As Estrelas dos Albos - Bernhard Hennen


Hey pessoal, tudo bem?

Quem leu minha resenha de A Caçada dos Elfos - AQUI - sabe o quanto fiquei maravilhado por essa série e o quão triste fiquei em saber que ela não é tão conhecida por vocês. É por isso que trago então a resenha do segundo volume da série e espero conseguir então angariar mais adeptos à causa dos Albos e Mandred, o Jarl.













A Rainha dos Elfos fechou todos os portais que conduzem ao Outro Mundo para proteger seu reinado.

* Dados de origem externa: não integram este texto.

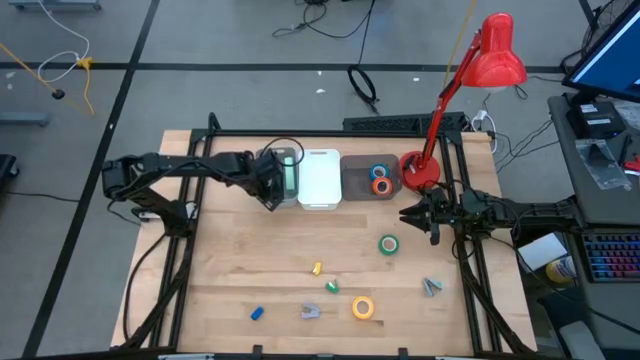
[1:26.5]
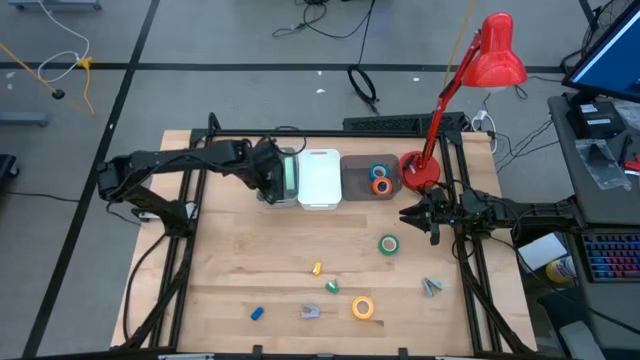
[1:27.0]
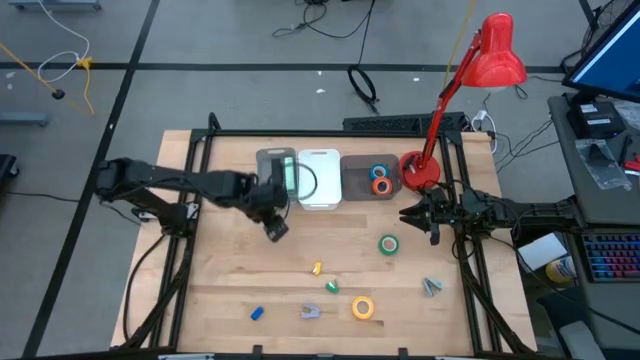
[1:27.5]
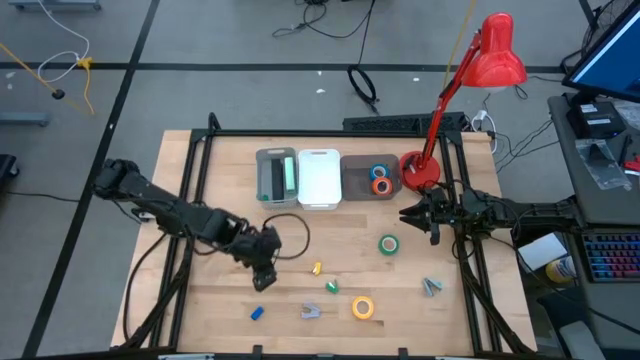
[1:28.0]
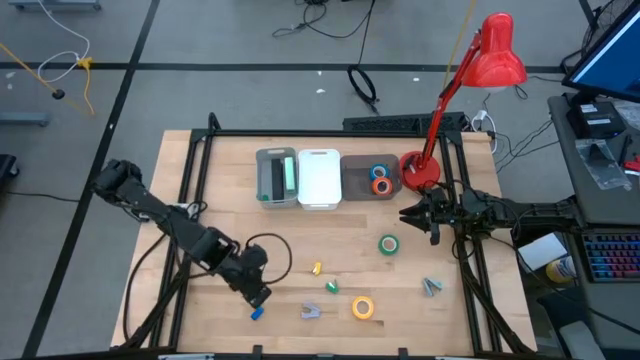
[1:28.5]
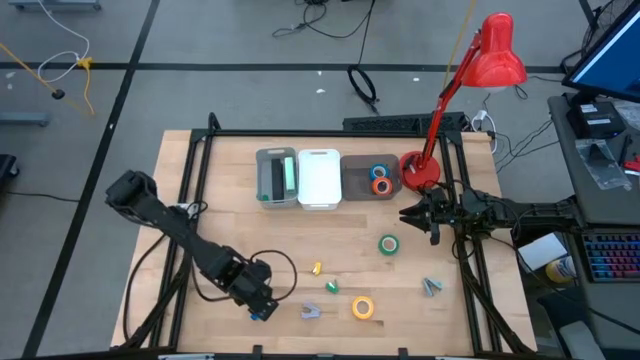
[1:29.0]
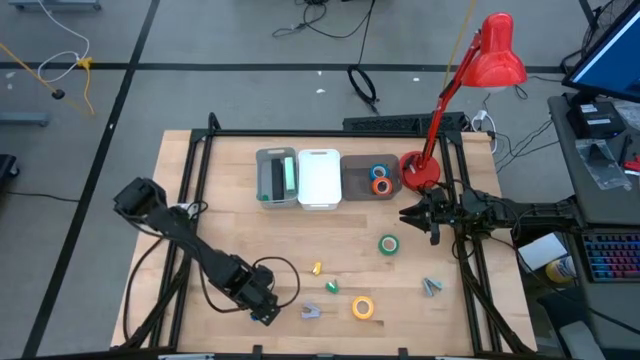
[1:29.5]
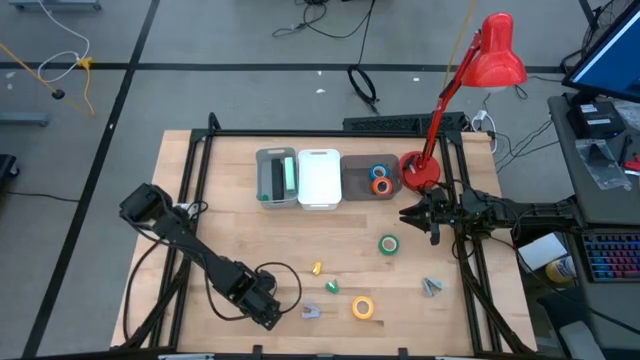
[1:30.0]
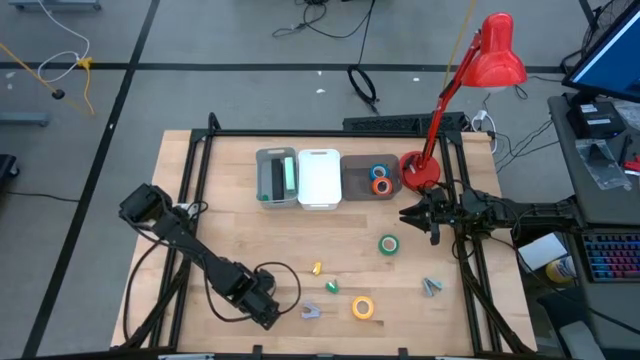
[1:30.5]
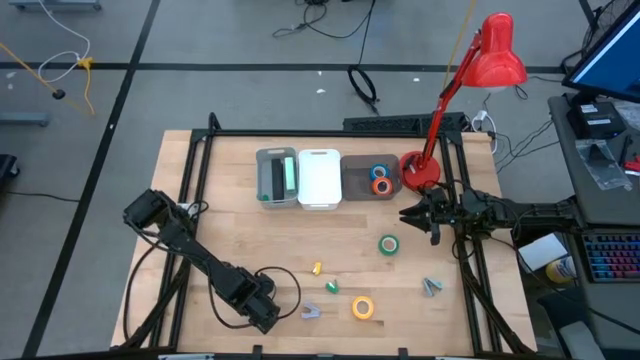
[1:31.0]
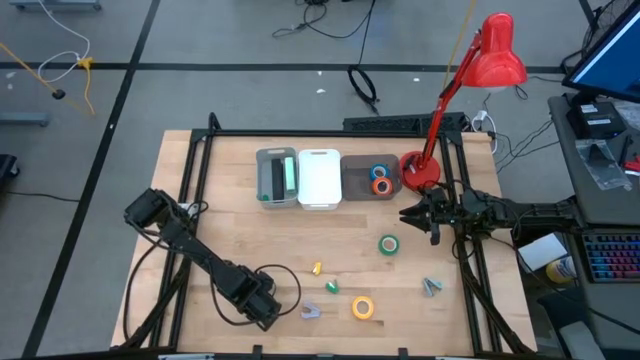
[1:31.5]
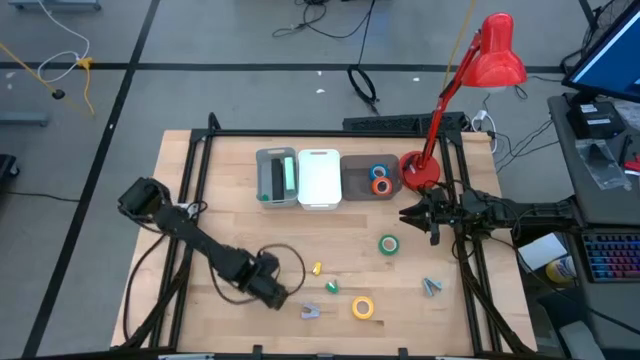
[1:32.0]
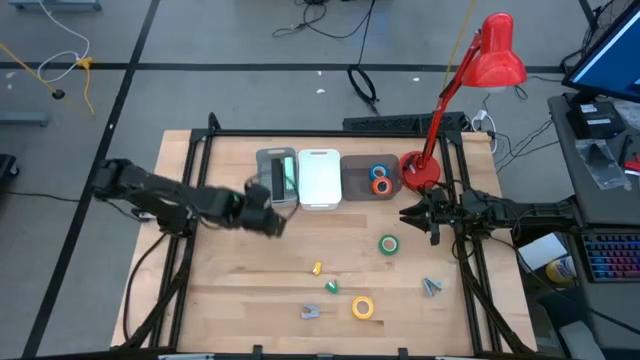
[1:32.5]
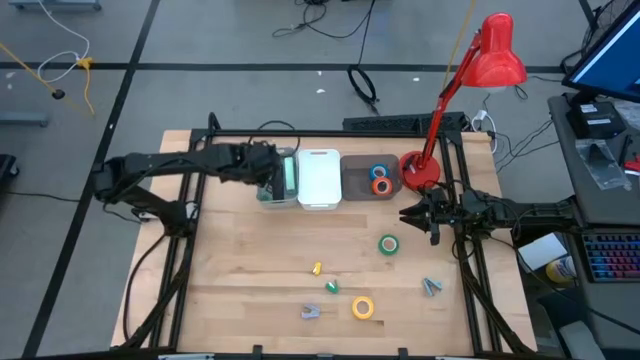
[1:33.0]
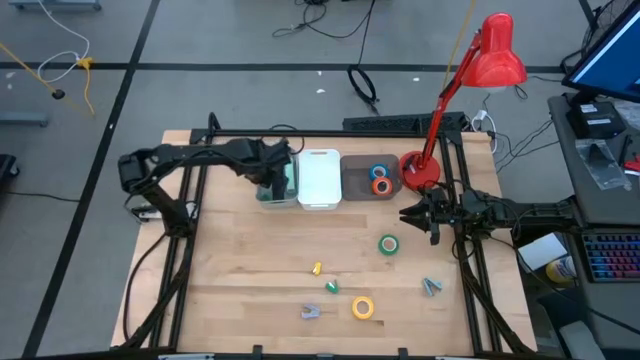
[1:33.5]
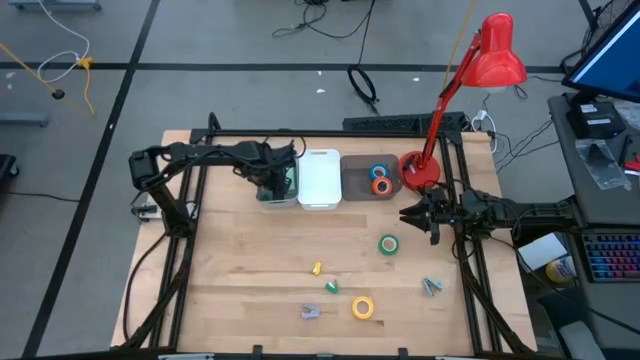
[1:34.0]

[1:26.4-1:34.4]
Put the small blue stapler into the grey bin

Mandred nunca mais voltará a rever seus semelhantes, e Farodin e Nuramon temem que jamais encontrarão um caminho para o Mundo Partido, o lugar de exílio de Noroelle.

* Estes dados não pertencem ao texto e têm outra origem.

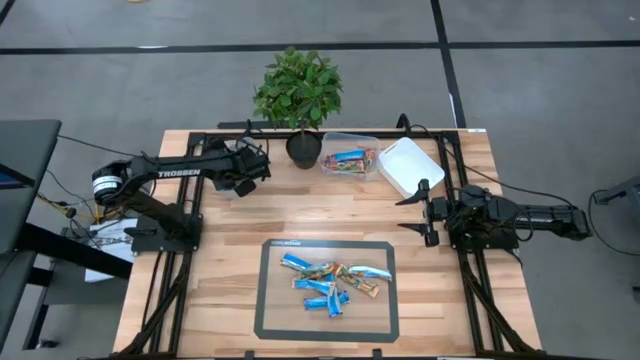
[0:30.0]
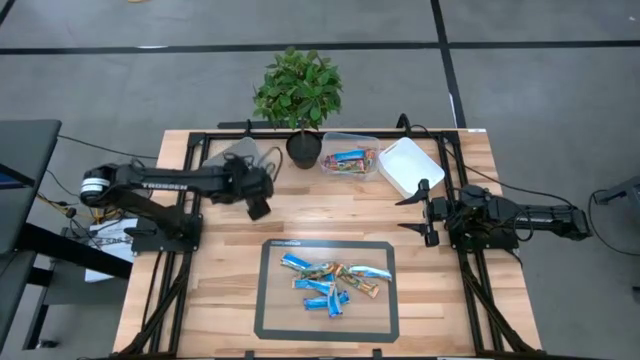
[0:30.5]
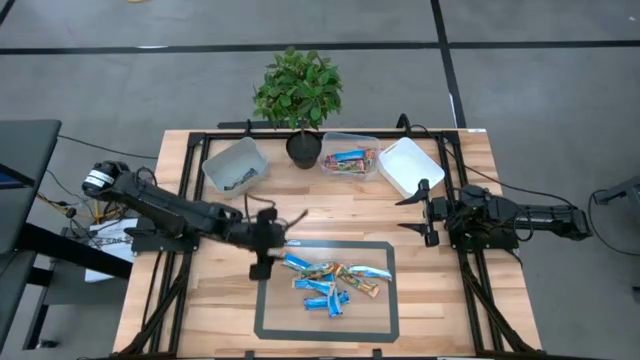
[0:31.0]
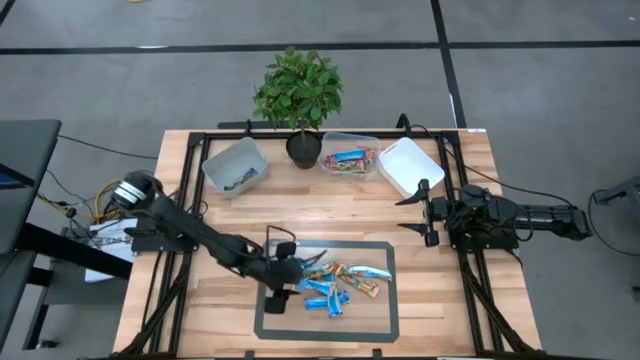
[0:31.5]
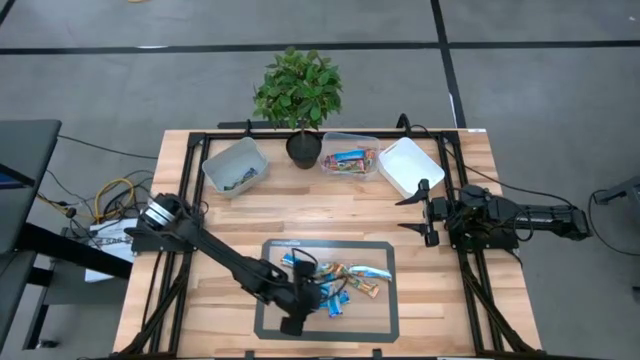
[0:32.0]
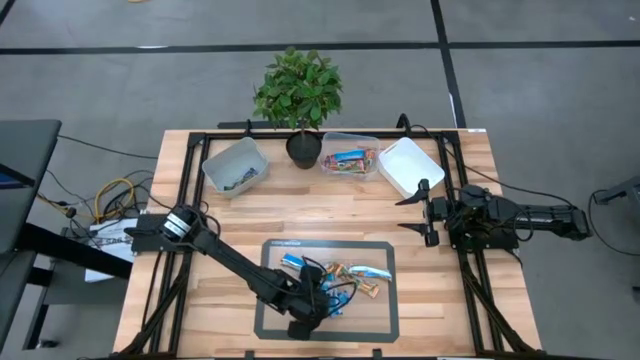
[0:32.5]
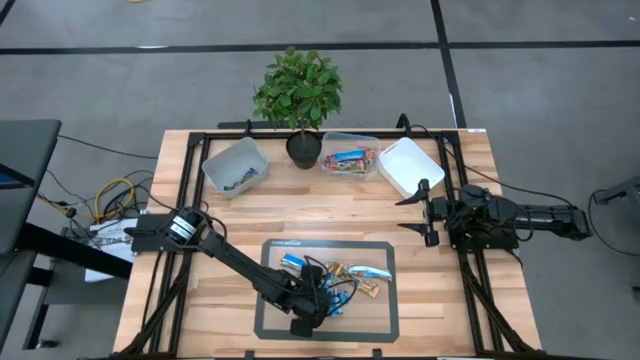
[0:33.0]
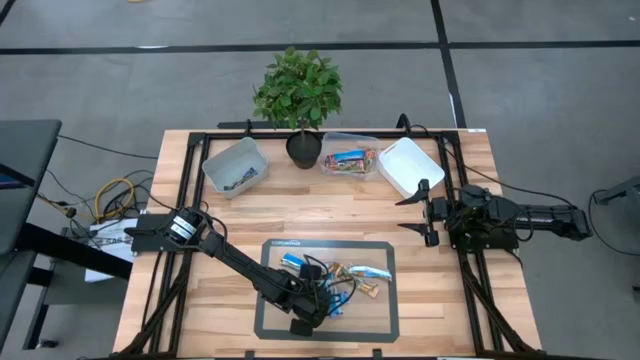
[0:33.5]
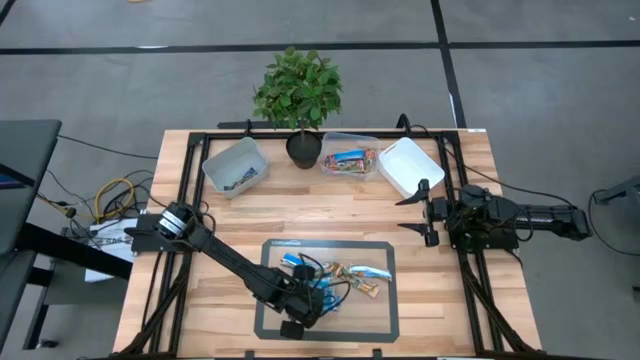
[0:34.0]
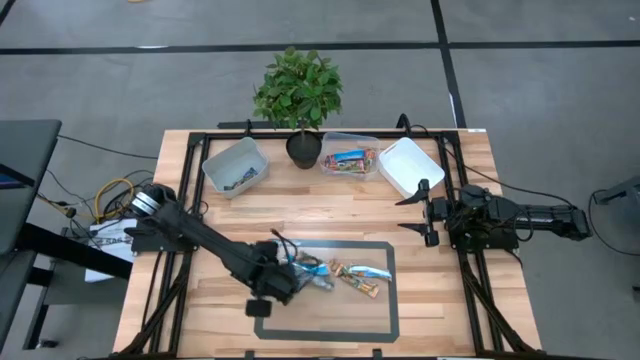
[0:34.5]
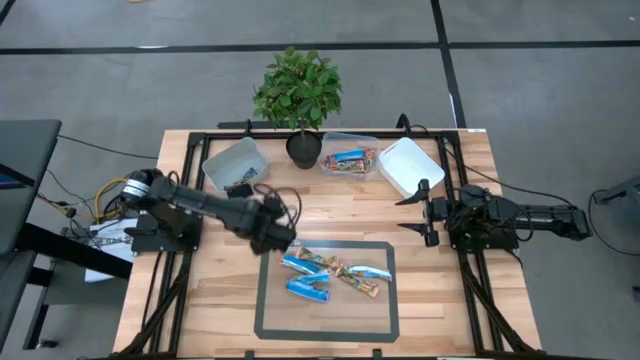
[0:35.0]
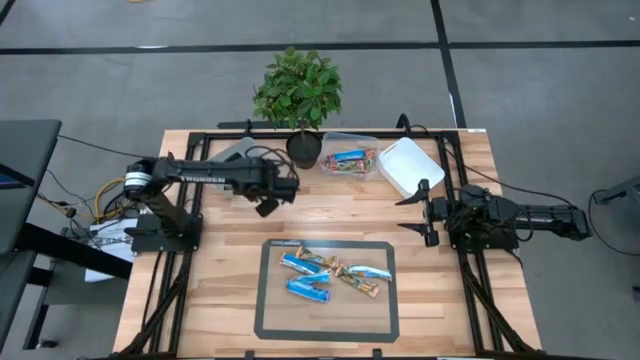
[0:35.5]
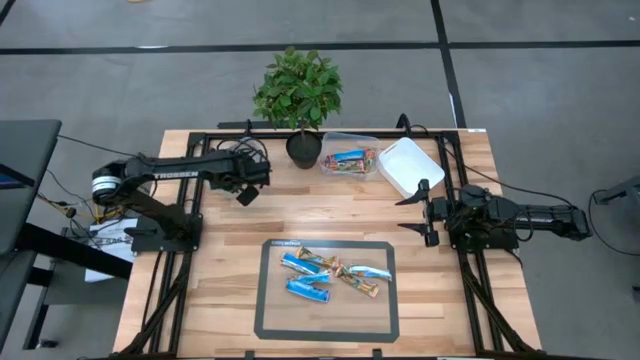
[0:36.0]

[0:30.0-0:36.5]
Task: Pick and place Granola Bars by type
Put the blue granola bar into the gray bin

Após os acontecimentos de A Caçada dos Elfos, Mandred, Farodin e Nuramon estão em busca da salvação de Noroelle, a elfa que foi enganada por uma criatura vil e sem escrúpulos e como consequência foi banida do mundo dos Albos. Contudo, não será fácil se rebelar contra a Rainha Emerelle e embarcar em uma aventura por vários mundos para conseguir reunir os pedaços da única salvação possível para a filha de Albos. Aventuras pelas areias vermelhas, estudos na biblioteca que reúne o maior saber de todos os tempos e o reino de humanos e trolls, são os cenários por onde nosso protagonista tecem seus atos heroicos cujo objetivo final é a salvação de um grande amor.

Deserto de Valemas
"- O que você não vê ainda assim pode acontecer, Alwerich. Só quando aquilo que você vê não acontecer é que deve começar a se preocupar. Agora diga..."
Pág. 260

Quando eu achava que uma escrita que beirava a perfeição não conseguiria ficar melhor, vem o Tio Hennen e me prova o contrário. Sua narrativa está mais envolvente que nunca e seus personagens que antes já eram mais do que cativantes, hoje estão beirando conquistar a mais fiel amizade com o leitor - sim, sou desses que trata personagem como se fossem pessoas do meu convívio diário. Seus diálogos estão mais dinâmicos e em várias partes eles nos colocam para refletir sobre coisas que muitas vezes não paramos para pensar, como é o caso da citação acima. 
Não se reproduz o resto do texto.